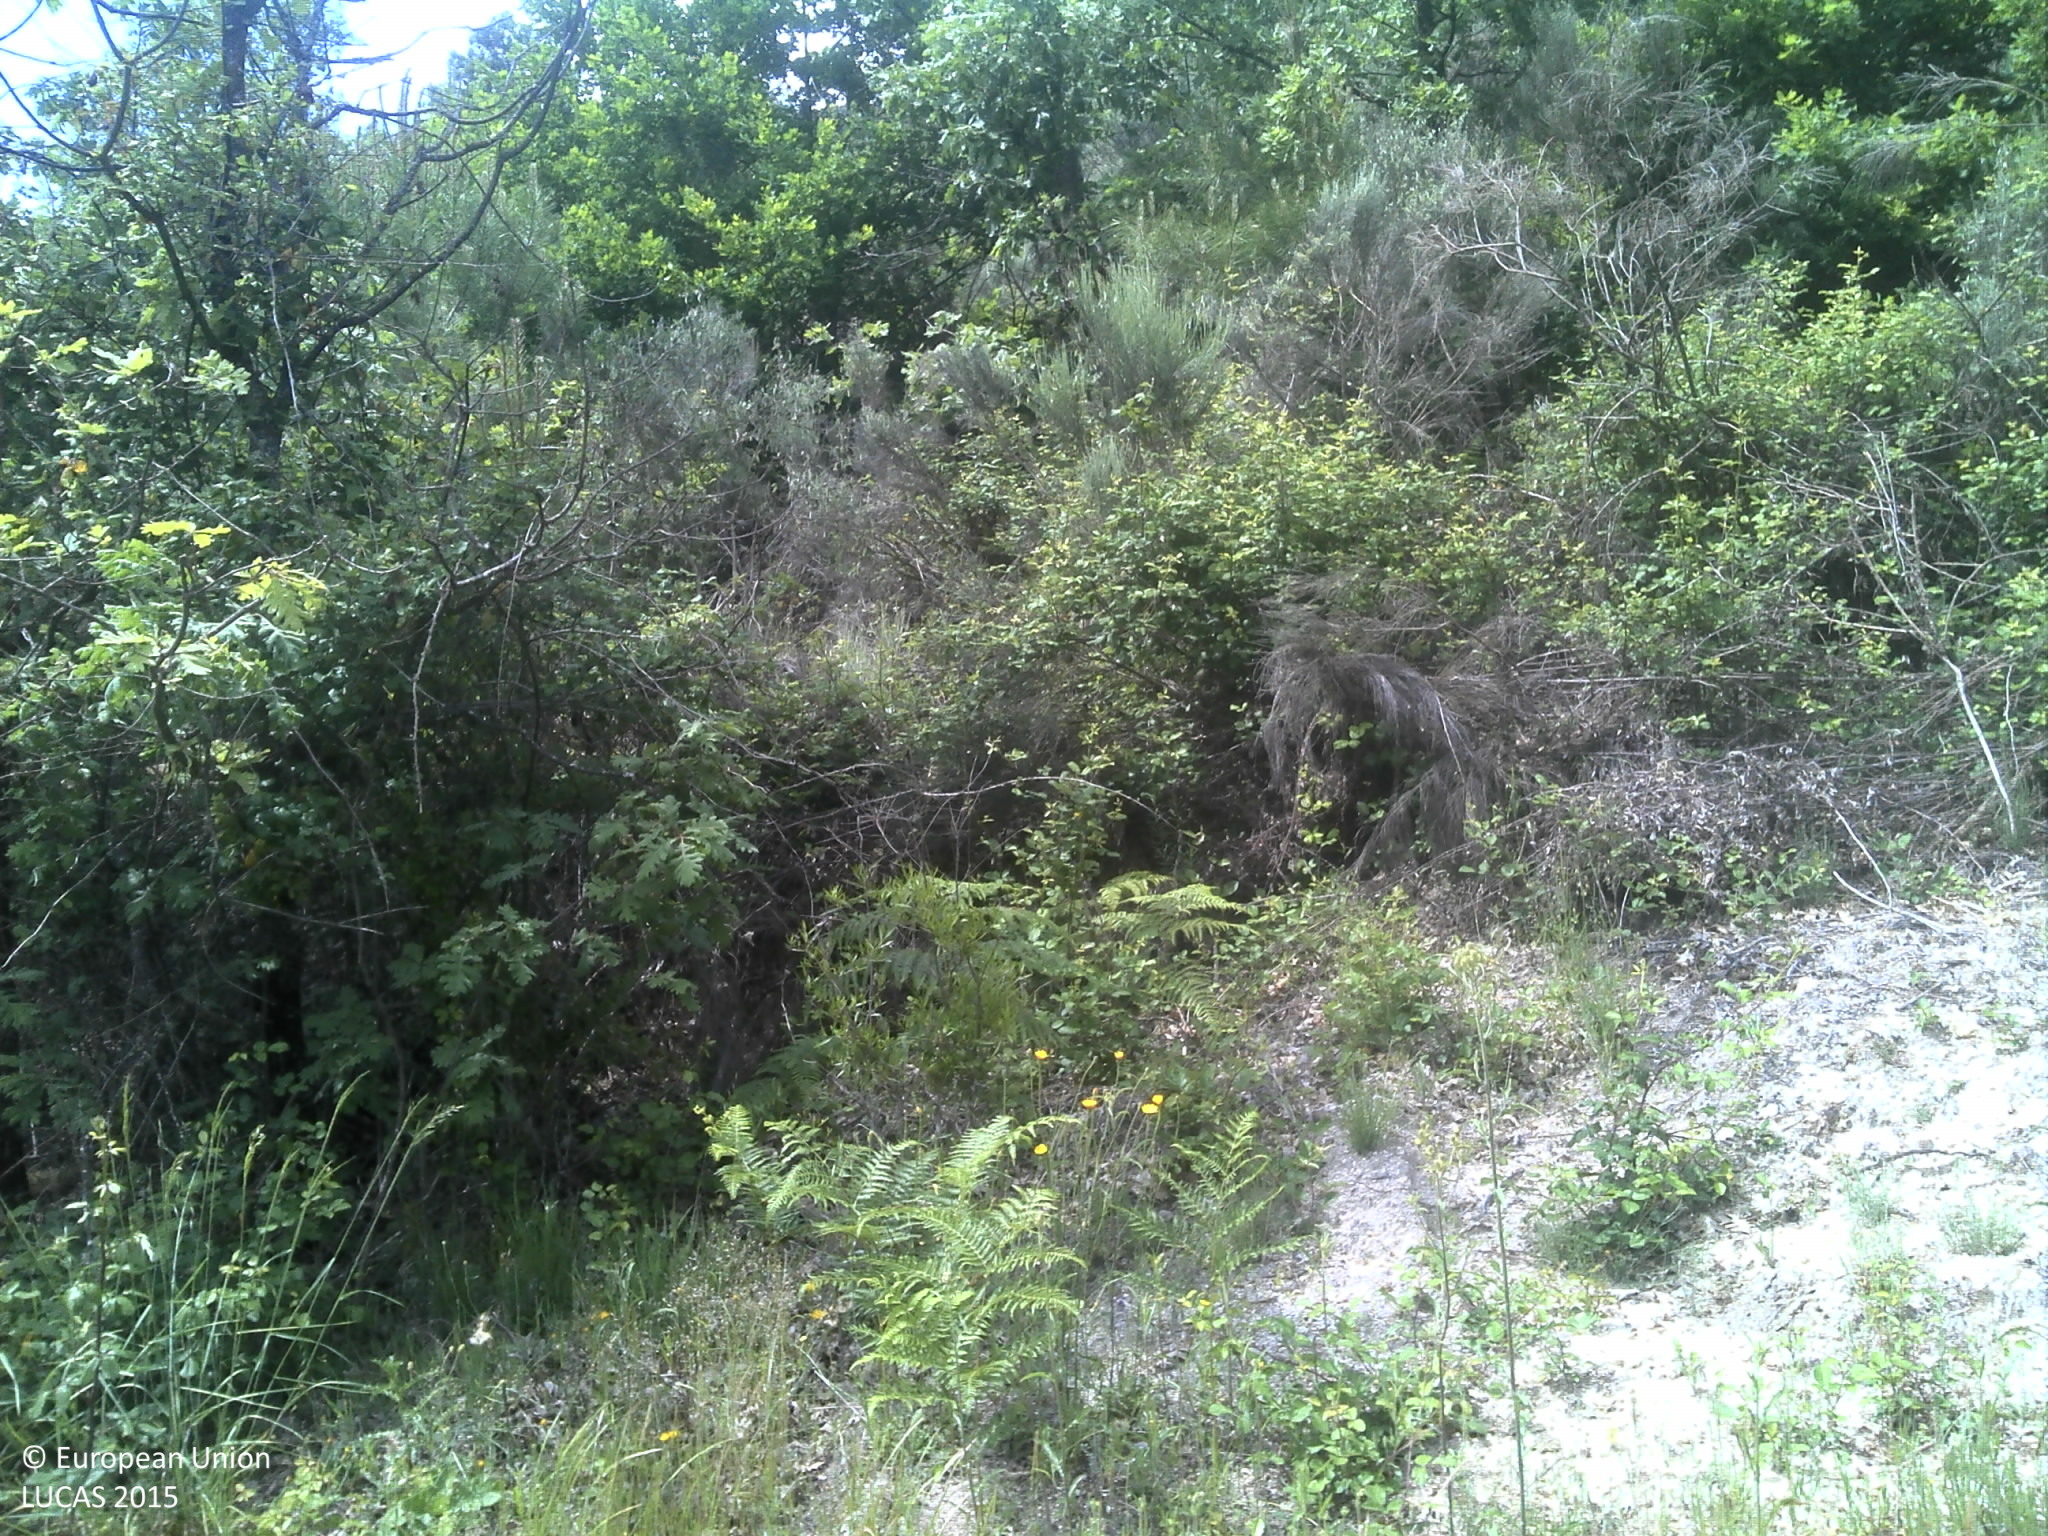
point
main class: Shrubland
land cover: Shrubland with sparse tree cover
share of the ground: 50 - 75 %
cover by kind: shrubs 70 %, unconsolidated bare surface 10 %, broadleaved forest trees 5 %, herbaceous plants 5 %
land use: Semi-natural and natural areas not in use
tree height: > 5 m
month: May
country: PT
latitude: 40.7226
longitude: -7.4335
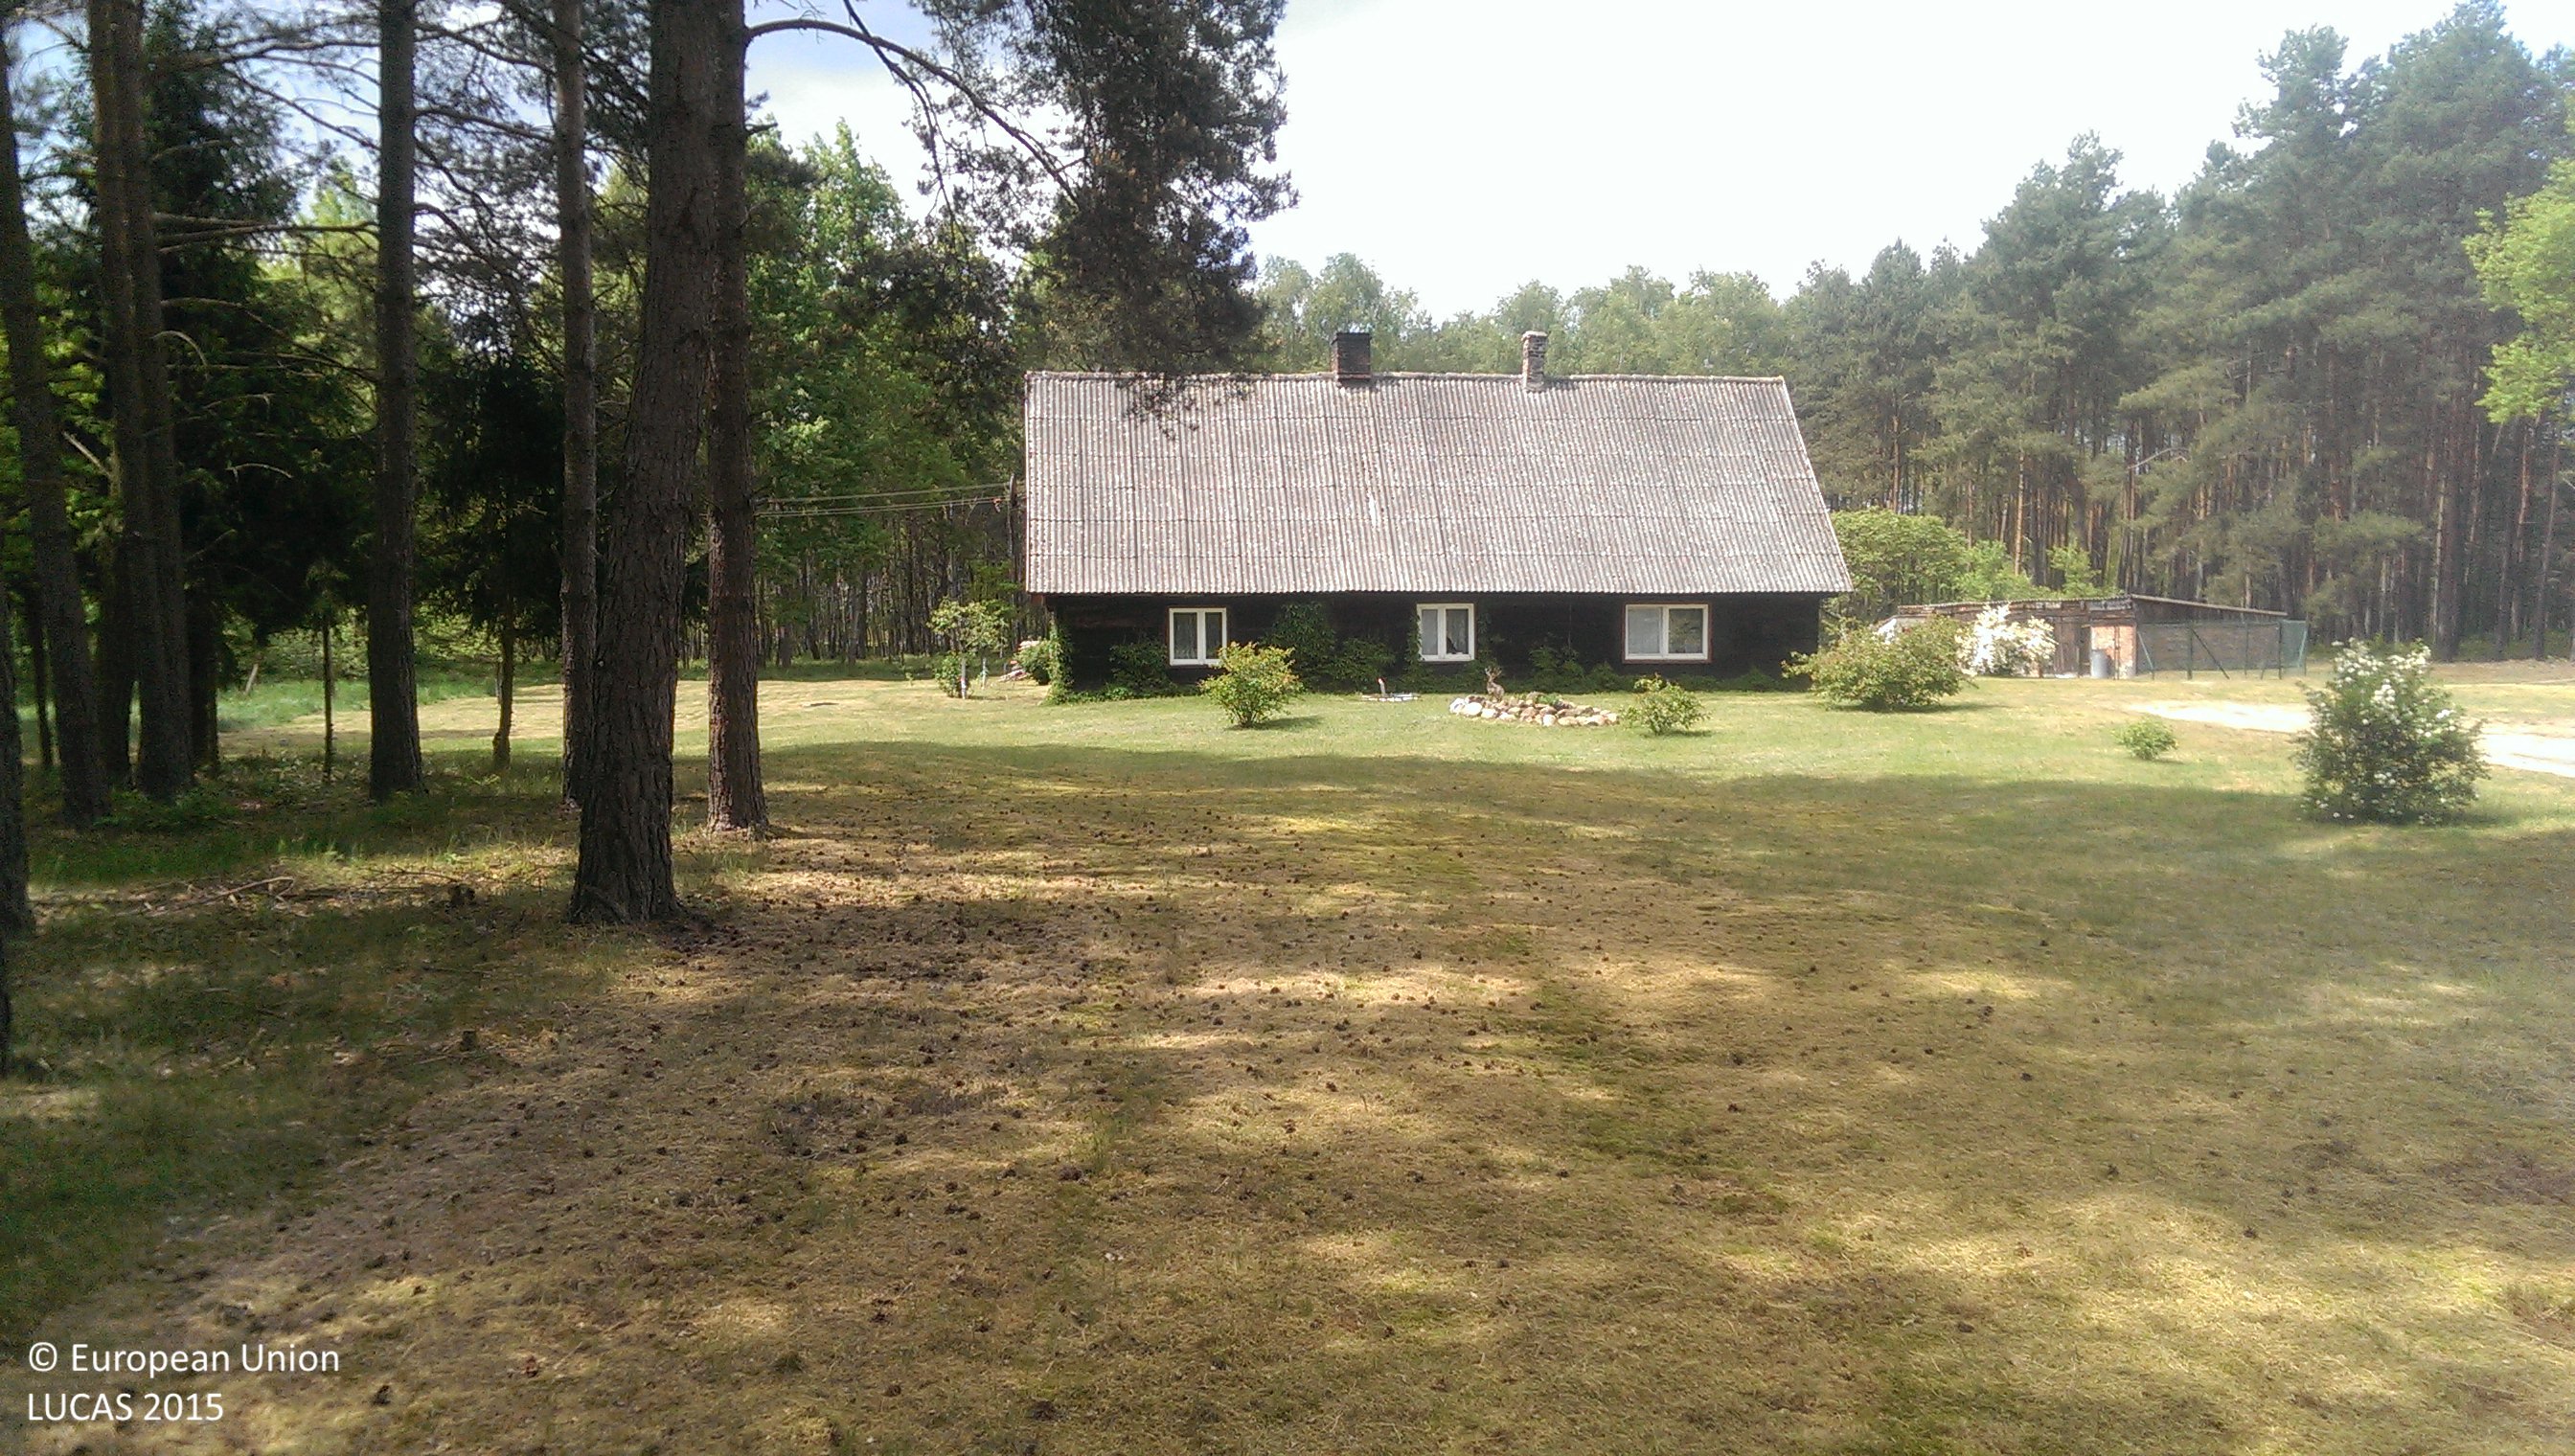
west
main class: Grassland
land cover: Grassland without tree/shrub cover
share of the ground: > 75 %
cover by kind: herbaceous plants 85 %, unconsolidated bare surface 15 %
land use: Residential
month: May
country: PL
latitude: 52.2335
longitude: 16.2001

_ _ _ _ _

TASK BRIEF
Copy exactly, and only, the lines running from the one containing "land use: Semi-natural" through the final line of the data, and omit the pictures.

EXPECTED ANSWER
land use: Semi-natural and natural areas not in use
tree height: > 5 m
month: May
country: PT
latitude: 40.7226
longitude: -7.4335
west
main class: Grassland
land cover: Grassland without tree/shrub cover
share of the ground: > 75 %
cover by kind: herbaceous plants 85 %, unconsolidated bare surface 15 %
land use: Residential
month: May
country: PL
latitude: 52.2335
longitude: 16.2001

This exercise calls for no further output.